Hospice for Old Chairs

No two chairs in our house match.  There are no pairs of chairs.  Instead there is a collection of randomly acquired dining chairs for which the only things they have in common is high back and made of oak.  Some are modern. Some are very old. One is a ‘carver’ with a woven cane seat insert, the others have seat covers in a collection of colours and materials.

Armchairs follow the same pattern: old, new, leather, cloth, one turns on its base, one has tiny castors.  One has no arms and is quite low (possibly formerly a ‘bedroom chair).  None of them match the settee (either of the settees – which don’t match each other), and they get paired with a random collection of props used for footstools.

Ours is a retirement home for chairs that other people discard it seems.

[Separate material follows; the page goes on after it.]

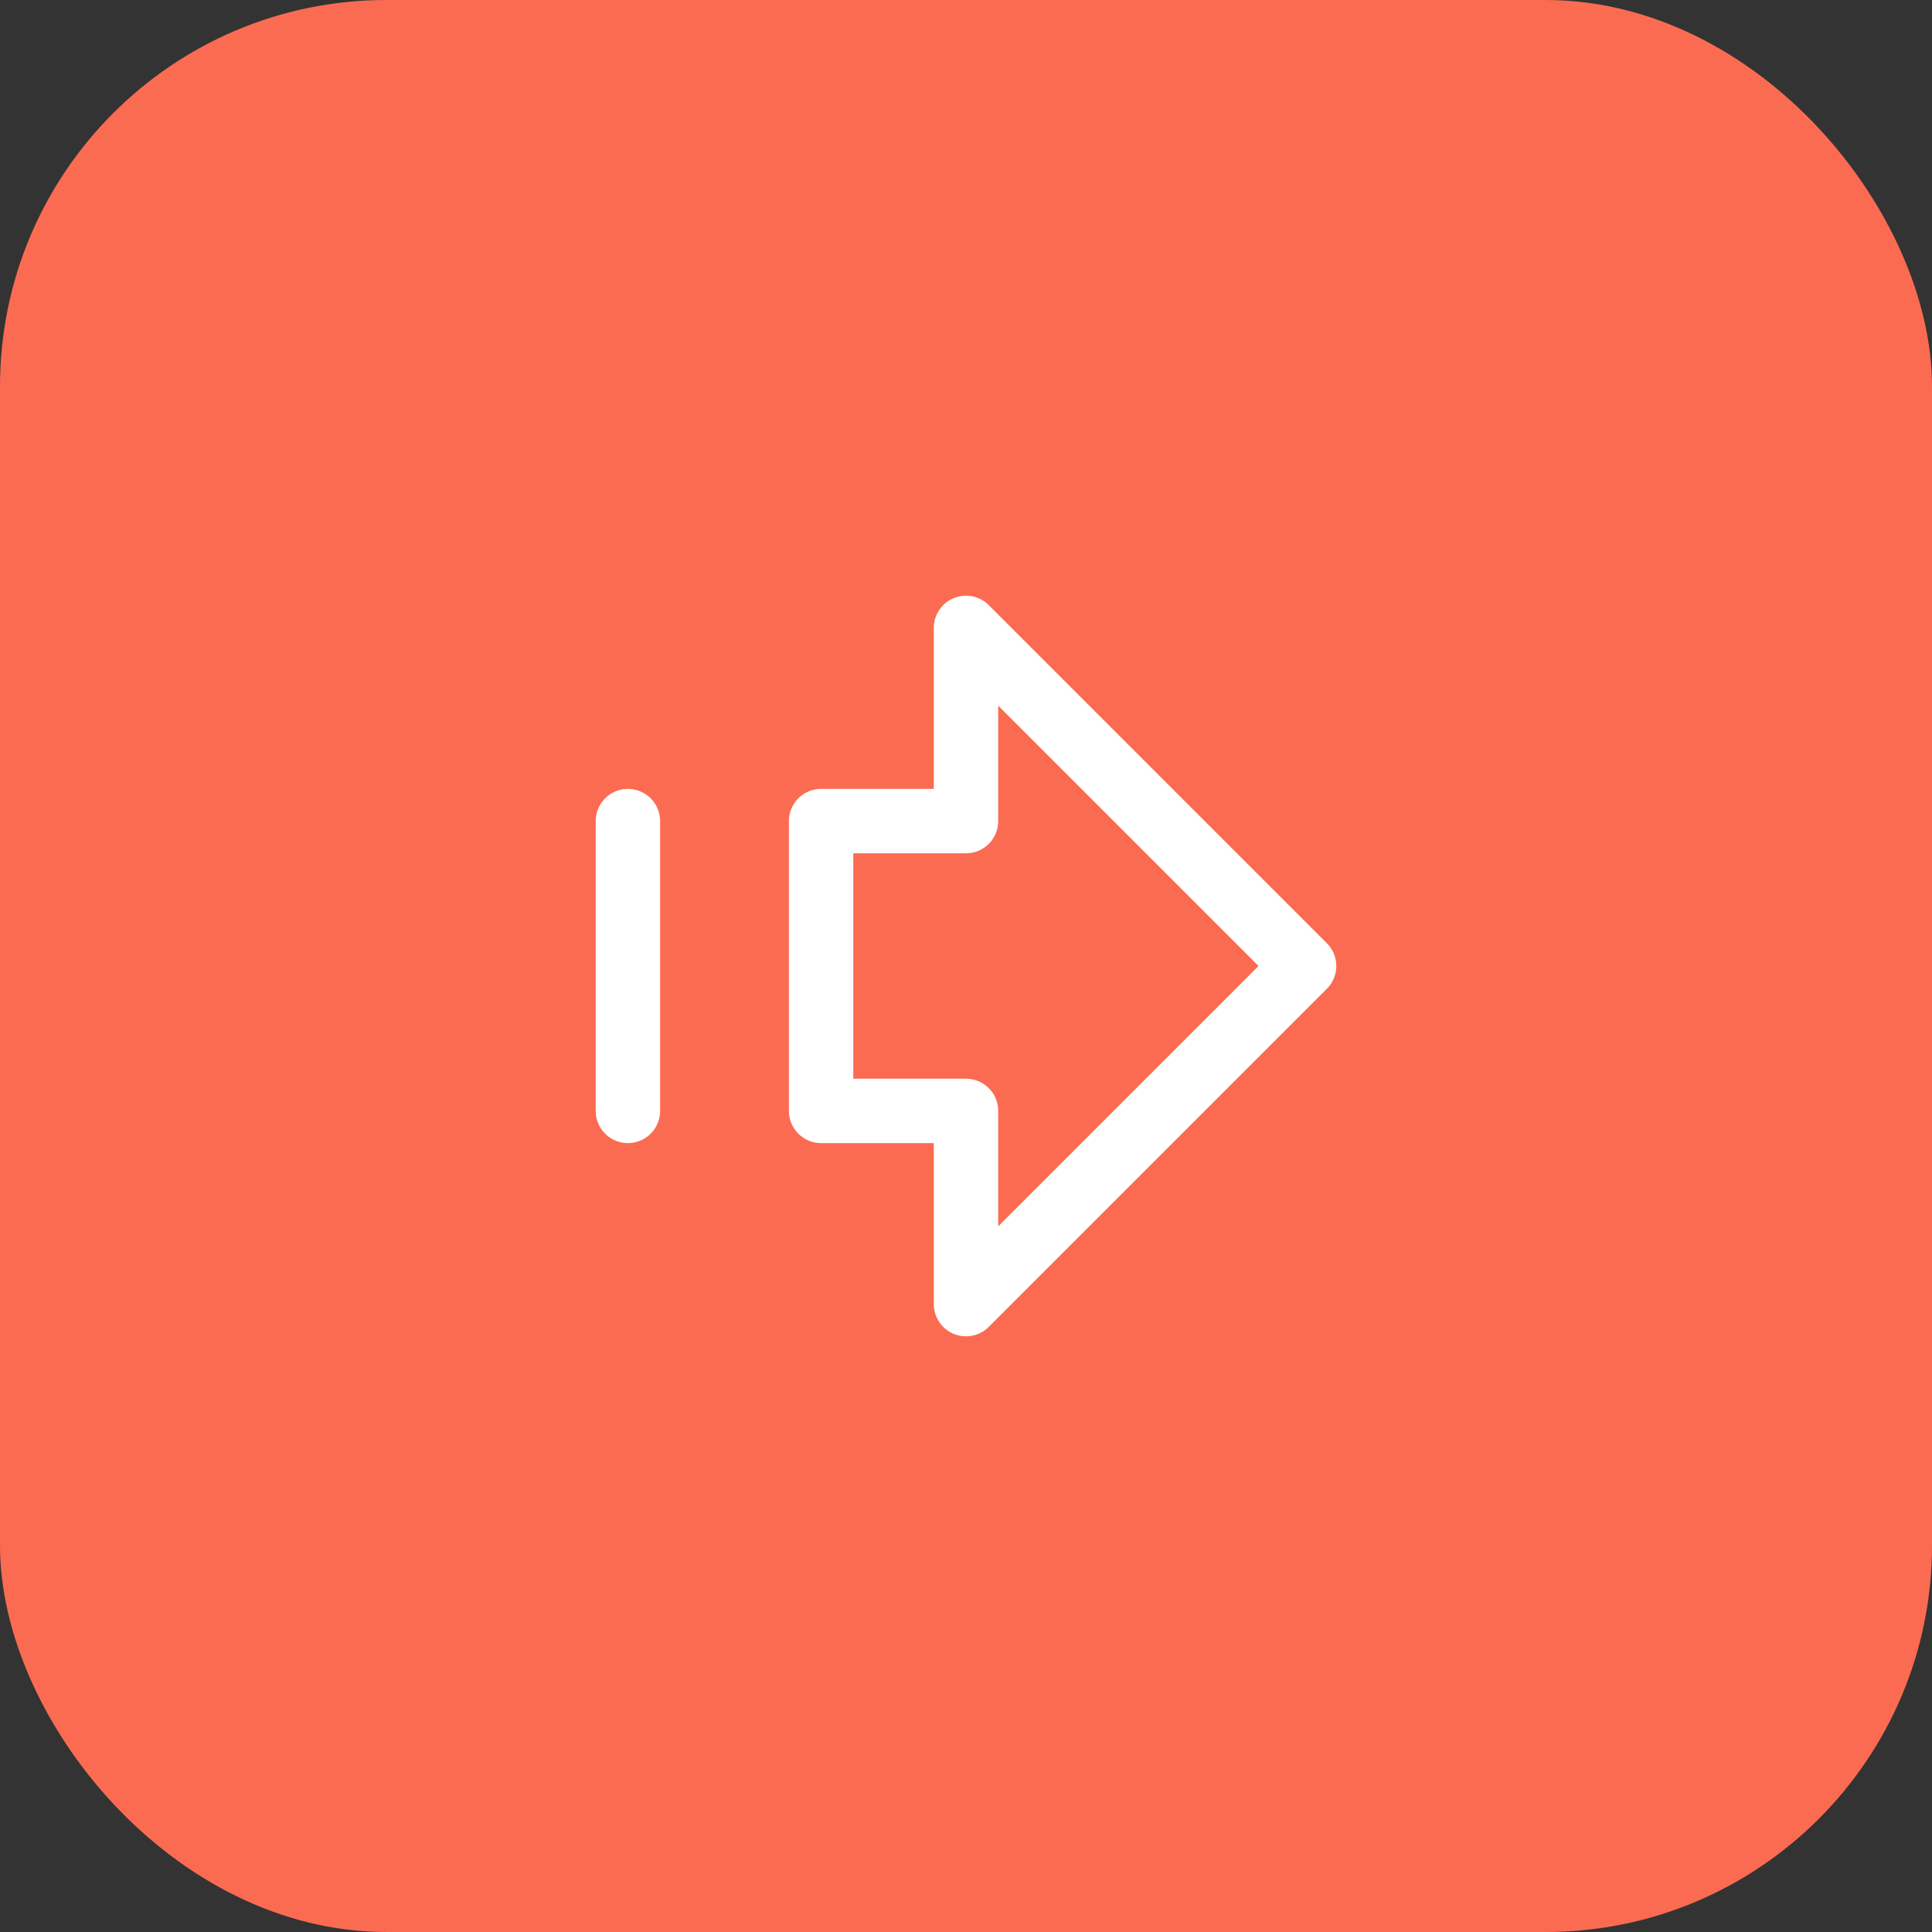 <?xml version="1.0" encoding="UTF-8"?> <svg xmlns="http://www.w3.org/2000/svg" width="30" height="30" viewBox="0 0 30 30" fill="none"><rect x="0" y="0" width="30" height="30" fill="#333333" stroke="none"/><rect width="30" height="30" rx="6" fill="#FB6B51"></rect><path d="M9.75 12.75L9.75 17.25M12.75 12.75L15 12.75L15 9.75L20.25 15L15 20.25L15 17.25L12.75 17.25L12.75 12.75Z" stroke="white" stroke-linecap="round" stroke-linejoin="round"></path></svg>

This theme continues out onto the balcony – but there two deckchairs scavenged together have been renovated to deckchair pairing.  The rest are also randomly acquired director’s chairs (painted and re-canvassed), plastic garden chairs (the broken parts they were discarded on account of, bolted or wired back together), or folding wooden dining chairs (broken slats replaced in the seat).

F scavenges chairs.  She possibly doesn’t think of it as scavenging; maybe she sees us as a hospital for chairs, a retirement home for those who have given a lifetime of service and still have something to contribute.  Or possibly a hospice where they can die in dignity.

The latest adoptee might be beyond rescue however; another high-backed dining chair, but this one isn’t made of oak so it might not be comfortable with the company here. 

Before she remembered to take a photo to blog, she had stripped it of its tattered soft parts, rusted springs, and what she described as “half a hundred weight of staples, tacks and upholstery nails”.  I cannot abide exaggeration (except perhaps when describing rats I have wrestled with).  I made her weigh them.  Three and half ounces; a serving of wet catfood if you prefer my measurement system.

Now it is in pieces under some heavy weights on the back balcony, because those strange angles you may be able to detect in the photo are not perspective distortion.  It’s warped.  Its left side legs are galloping forwards (actually if both left side legs are moving together its pacing forwards isn’t it?)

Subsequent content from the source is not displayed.